- SUPPLIED DATA
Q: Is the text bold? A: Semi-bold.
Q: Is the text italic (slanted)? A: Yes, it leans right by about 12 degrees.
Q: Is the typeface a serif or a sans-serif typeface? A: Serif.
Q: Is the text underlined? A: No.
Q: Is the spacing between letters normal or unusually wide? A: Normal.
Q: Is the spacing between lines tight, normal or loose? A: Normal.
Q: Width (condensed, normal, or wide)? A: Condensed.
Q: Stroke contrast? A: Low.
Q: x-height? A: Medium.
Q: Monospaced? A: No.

- WORK REQUEST
Quote, word for word, every line starting at the one that contains "Q: Is the typeface" and ending with the final line of the entries.

- SOLUTION TO THE PROBLEM
Q: Is the typeface a serif or a sans-serif typeface? A: Serif.
Q: Is the text underlined? A: No.
Q: Is the spacing between letters normal or unusually wide? A: Normal.
Q: Is the spacing between lines tight, normal or loose? A: Normal.
Q: Width (condensed, normal, or wide)? A: Condensed.
Q: Stroke contrast? A: Low.
Q: x-height? A: Medium.
Q: Monospaced? A: No.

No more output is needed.